In dialogue with General Treatise on Semiotics , this new edition of Kant and the Platypus brings together essays written by Umberto Eco that deal with themes related to language and cognition.
How do we recognize a cat? How do we differentiate it from a dog? Why don't we confuse an elephant with an armadillo or call a woman a hat? This formidable problem has obsessed thinkers from Plato to contemporary philosophers, and not even Kant knew how to solve it satisfactorily. In Kant and the Platypus , Umberto Eco addresses these questions and explores the vague and fascinating field of cognitive science. "If there are many things I say in these pages, there are many more that I don't say, simply because I don't have precise ideas about them."
Written over the course of a year, the essays in this book stem from systematic concerns that refer to, complement, and engage with Eco's classic 1975 work, General Treatise on Semiotics . Instead of an academic analysis, Eco presents a series of investigations based on common sense, and his theoretical discussions are full of "stories," using fables to help the reader see the themes clearly.
But what about Kant and the platypus?
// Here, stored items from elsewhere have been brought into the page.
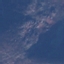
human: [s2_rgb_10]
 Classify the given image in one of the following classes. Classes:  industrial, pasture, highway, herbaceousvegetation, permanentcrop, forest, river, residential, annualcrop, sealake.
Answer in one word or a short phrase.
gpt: HerbaceousVegetation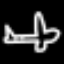
Label: airplane
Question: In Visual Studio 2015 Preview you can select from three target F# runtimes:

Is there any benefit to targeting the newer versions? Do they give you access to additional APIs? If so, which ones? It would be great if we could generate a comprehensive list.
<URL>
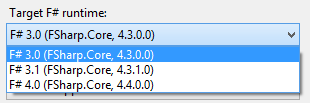
Answer: I was able to generate a complete list of new additions to the public surface area of FSharp.Core for 3.1 and 4.0. The code I used to generate the list of differences is included and can be re-purposed.
<URL>

From Kant—on whom the direction of cognitive science in this century depends, based on its dilemmas and axioms—Eco draws the empirical concepts that allow for a first nucleus from which successive definitions will be organized. The platypus, a mammal that for over a century failed to be included in any category of order or species, serves as a prime example of the difficulties of classification. It therefore serves to test the Kantian system, or the order of knowledge according to Kant; and also to allow us to imagine the philosopher's reaction to this animal he never got to know.
"In this book, I explain why the platypus is not horrible, but prodigious and providential in that it tests a theory of knowledge. Incidentally, given its very early appearance in the development of species, I suggest that it is not made from pieces of other animals, but that other animals are made from its pieces. [...]
The task of a philosophical discourse is to revisit where Kant started, and what problematic knots he wrestled with, because their alternation can teach us something as well. Without knowing it, we may still be children of his errors (as well as his truths), and understanding the subject could prevent us from making similar mistakes or believing we discovered yesterday what he had already suggested two hundred years ago. Briefly, Kant knew nothing about the platypus, and patience, but the platypus, to resolve its own identity crisis, should know something about Kant.